Its good to be home,
Spoke with my Breast Care nurse this morning and she explained my course of treatment in better detail , so here goes............
3 cycles of FEC Each cycle is every 3 weeks. Have had 2 so far and next one is 7th July
3 cycles of Taxamine and Pertuzumab and Herceptin.
Then scans to look at lump and meetings with Surgical team to discuss if a Lumpectomy or Mastectomy. The BC Nurse thinks Mastectomy the likely option so they get to it all! 😞
Then 15 more cycles of Herceptin given as an injection, so PICC line can come out. Whilst all this is going on will need Radiotherapy 5 days a week for 3 to 4 weeks depending on the surgery I have.
Scans at regular intervals of my heart and blood tests.
Quite a schedule! BEING POSITIVE!
Mine was very straight forward. They said would take half an hour, Took 10 mins. A local, inserted the wire,a monitor to see what was happening then an x ray to check in the right place and that was it all done! Ask them for a waterproof cover for when u shower or bath, not all Trusts provide them but worth asking and better than cling film and a plastic bag, Good luck x
I've feel like I've used everything on mouth/throat problems.

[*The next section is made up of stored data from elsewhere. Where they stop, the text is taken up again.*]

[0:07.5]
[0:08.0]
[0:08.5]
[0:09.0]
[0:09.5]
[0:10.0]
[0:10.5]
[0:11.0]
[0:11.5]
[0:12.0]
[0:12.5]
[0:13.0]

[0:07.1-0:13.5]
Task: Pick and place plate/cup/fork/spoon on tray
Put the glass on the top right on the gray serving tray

Started a few days ago with the bicarbonate, Gengigel gel and mouthwash and cleaning teeth after every meal which has helped the ulcers. Now with sore throat have stepped up to Gelclair, Difflam and paracetamol! It is a bit better than last time no white patches but still sore.

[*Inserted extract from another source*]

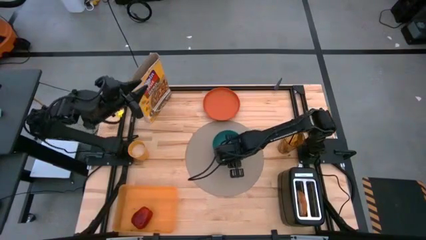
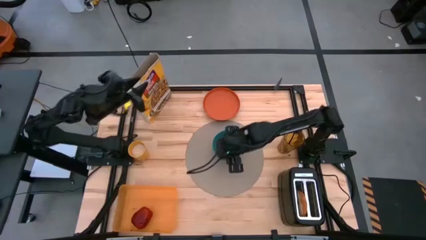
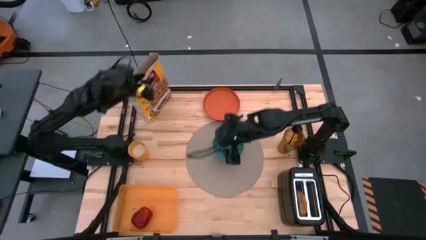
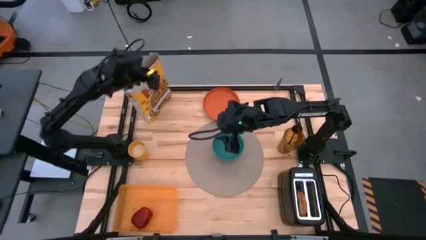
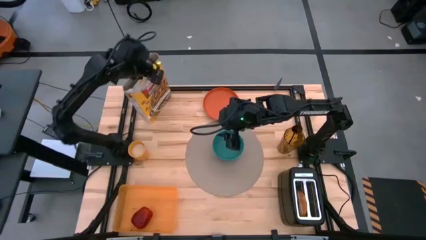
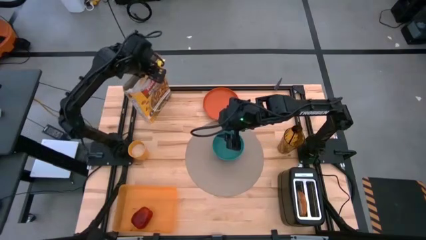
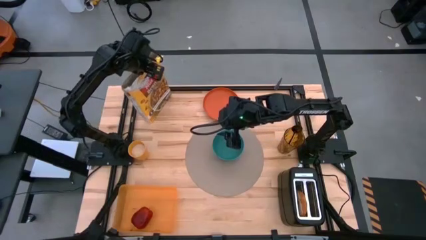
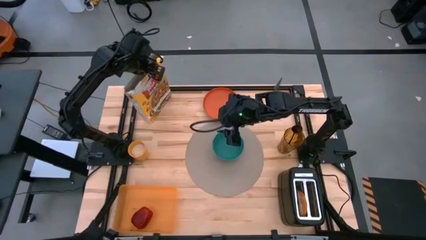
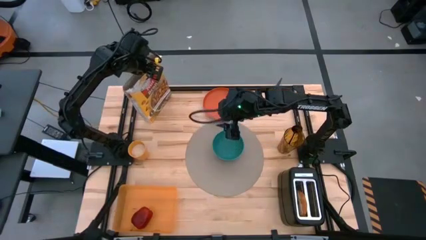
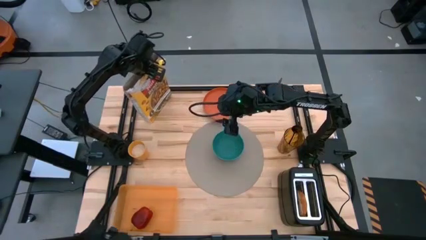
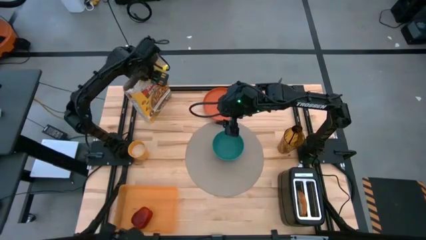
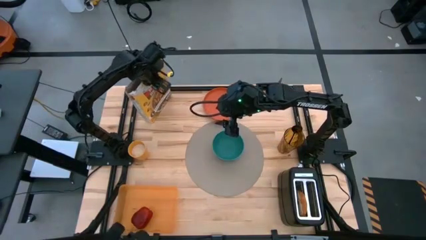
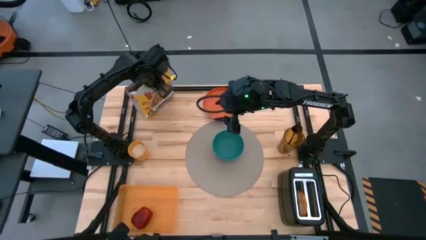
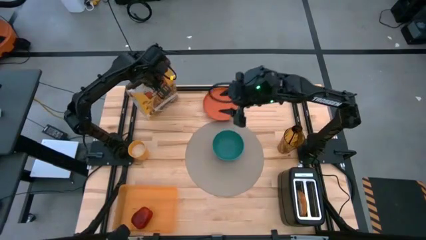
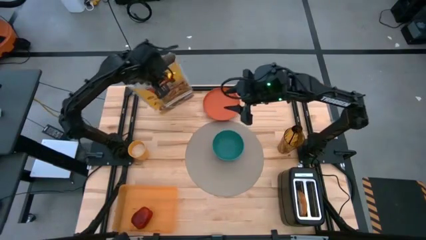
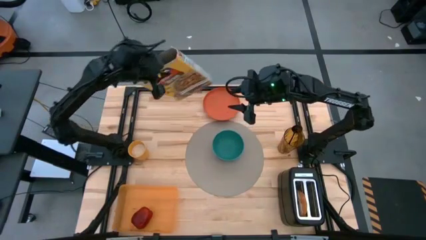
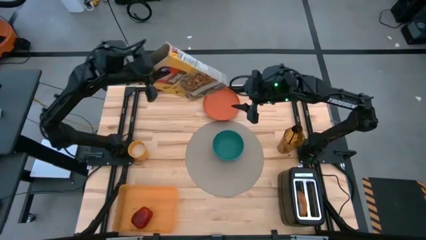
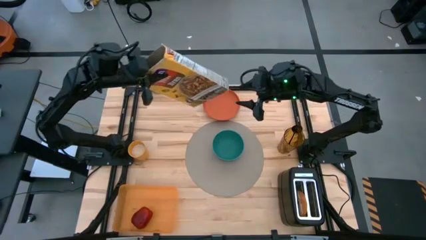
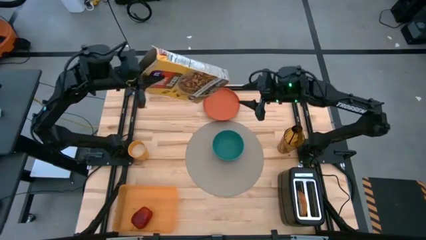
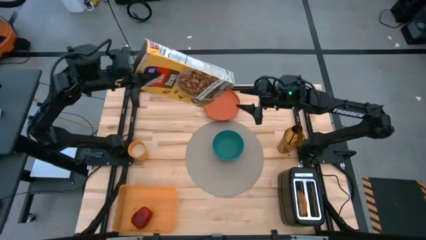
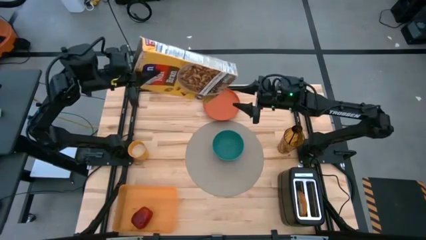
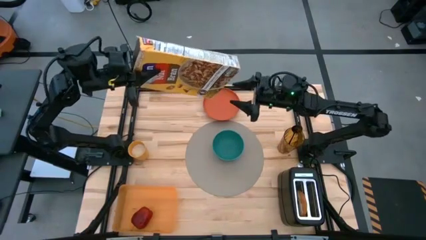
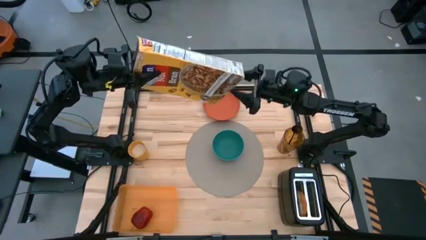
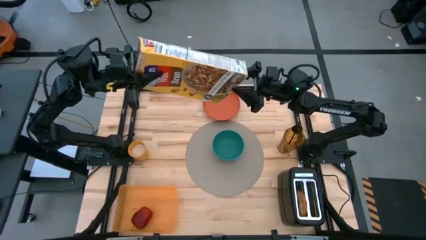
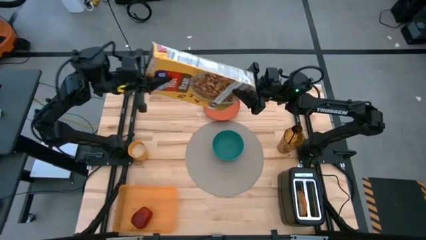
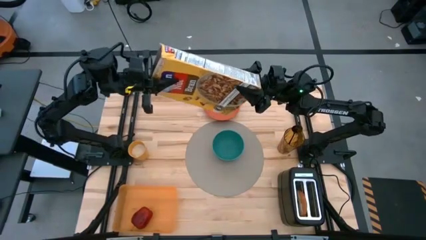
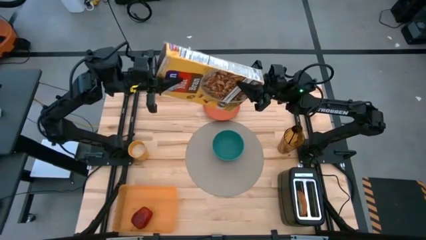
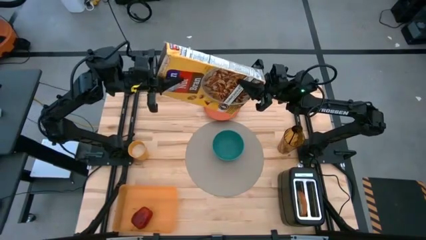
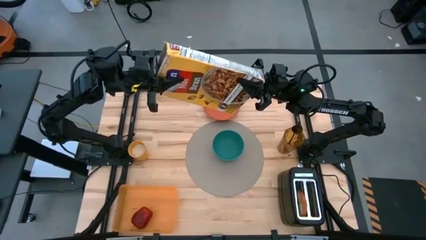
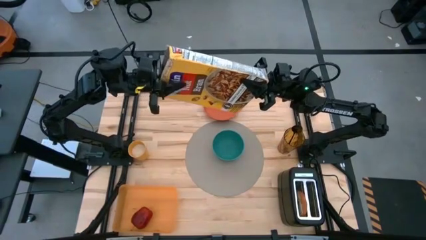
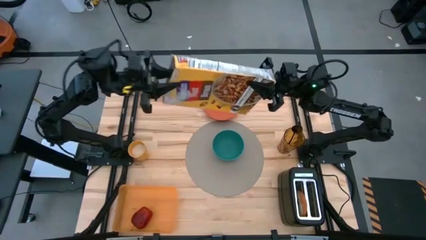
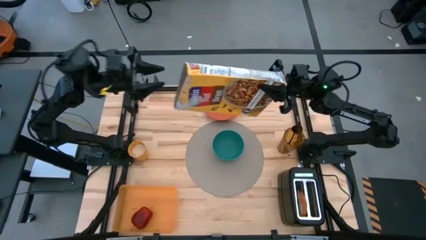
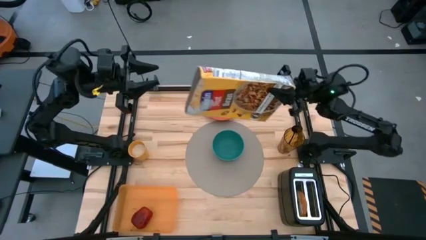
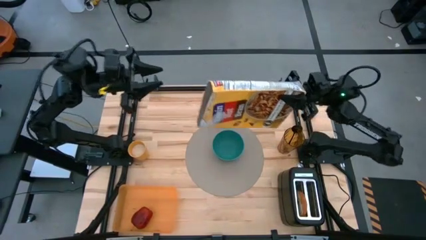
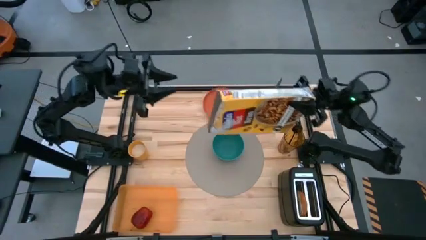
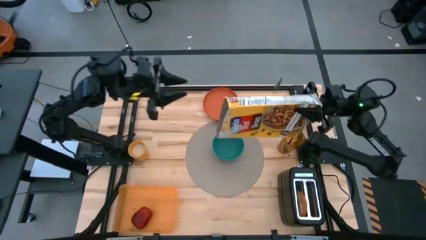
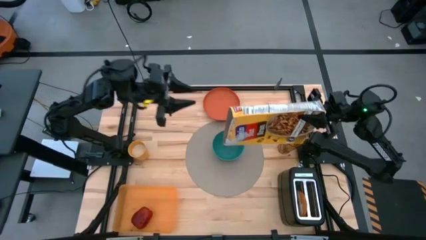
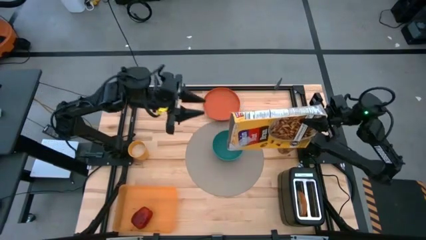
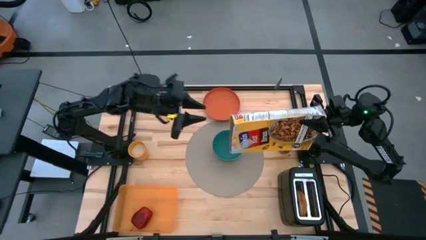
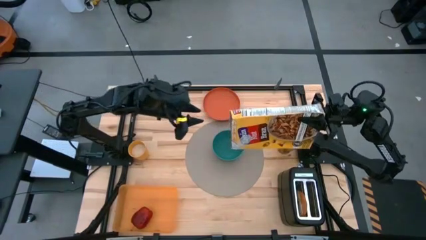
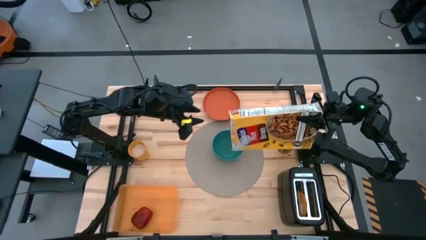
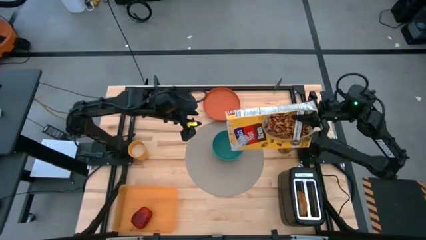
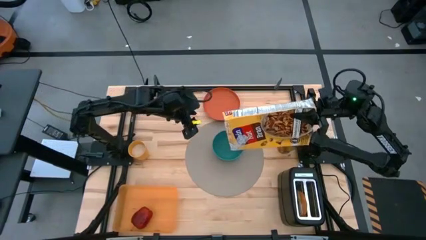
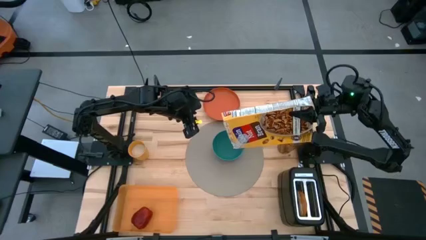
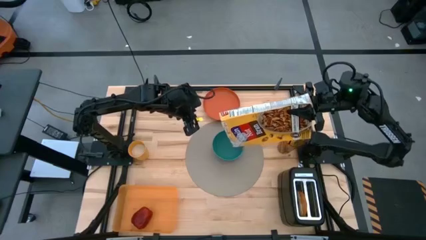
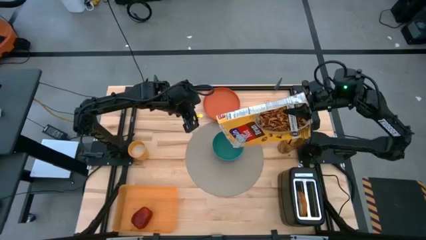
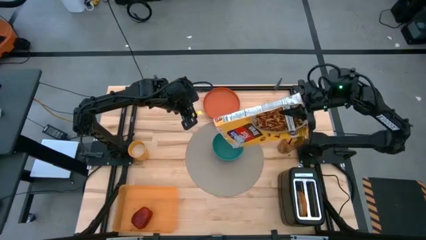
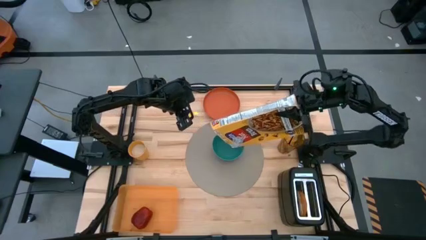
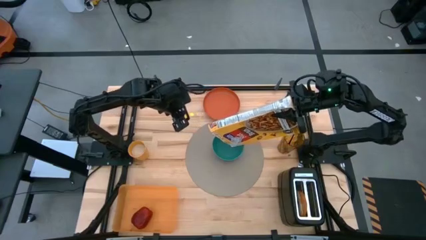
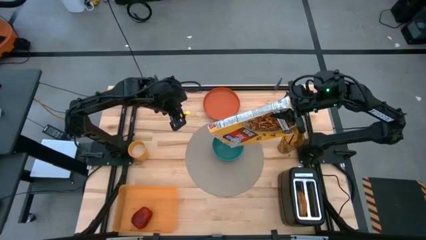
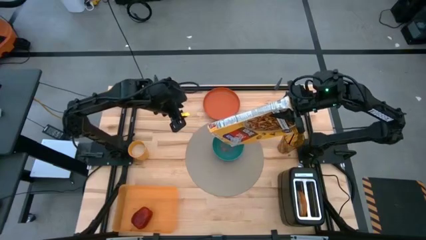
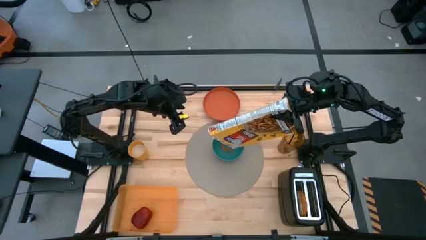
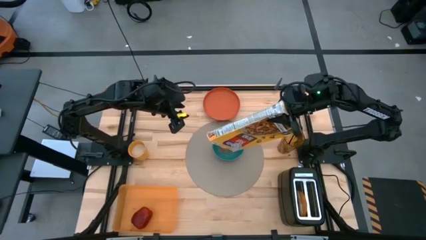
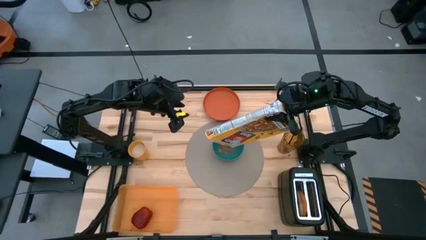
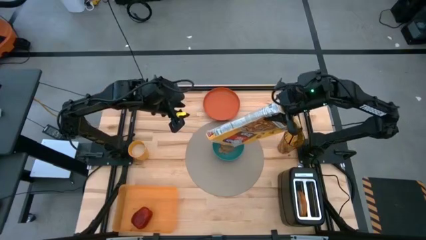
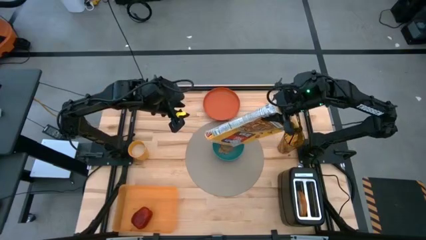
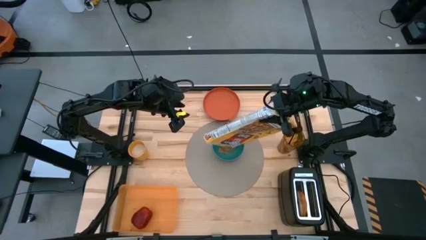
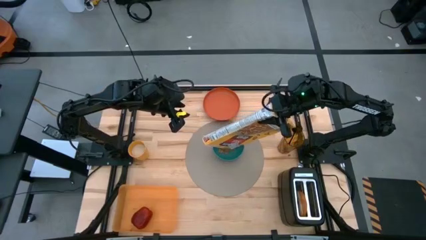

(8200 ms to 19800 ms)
Task: Arrange a breakfast setting
Pour the cereal into the green bowl

Also have stomach tenderness so just had bath which was nice. Not logging many work hours.
Must be nice to have your son home Mai and to make the most of the good days. My son is here until Friday which is lovely (when he gets paid!!!). He has been through uni and is out the other side.
Trisha, glad to hear you'll be home soon and getting a visit from your daughter will be good for you too. You get woken up by seagulls whereas I get woken by wood pigeons cooing and bouncing on the TV antenna!
Rosie, hope you manage to get the sore throat under control. What are you taking for it?
Treehouse, hope your tummy upset doesn't last too long, is there a pattern? Does it appear at the same time each cycle and last a few days?
Ive been for blood test this morning, then it's Oncologist tomorrow then FEC 4 on Thursday. The end of my good days is drawing closer! My Son arrived home late yesterday and is still in bed! I've tried to wake him (which consisted of a conversation with two feet sticking out of the duvet) but I think he is still catching up on sleep after all those exams! Students! 🎓
Trish - will be lovely to have your daughter around, I bet you can't wait.
Katie - they're planning 12 weekly for me although may only be 9 if blood count falls too much. Onc seems to think it is less harsh than EC but don't want to get my hopes up.
Fourth EC hasn't been too bad, typical, just as you get used to it, it all changes. Am working from home today (on my tea break at the moment ha ha)
Katie - I'm starting Paclitaxol next Thurs, have to go to a different hospital to receive it. Are you having it weekly?
Was also awake at 4am, sore throat kicked in right on cue. Have been trying to pre-empt it but guess you can't beat these chemicals completely. However, thanks to all your advice I have an a armoury of meds to hopefully keep it under control.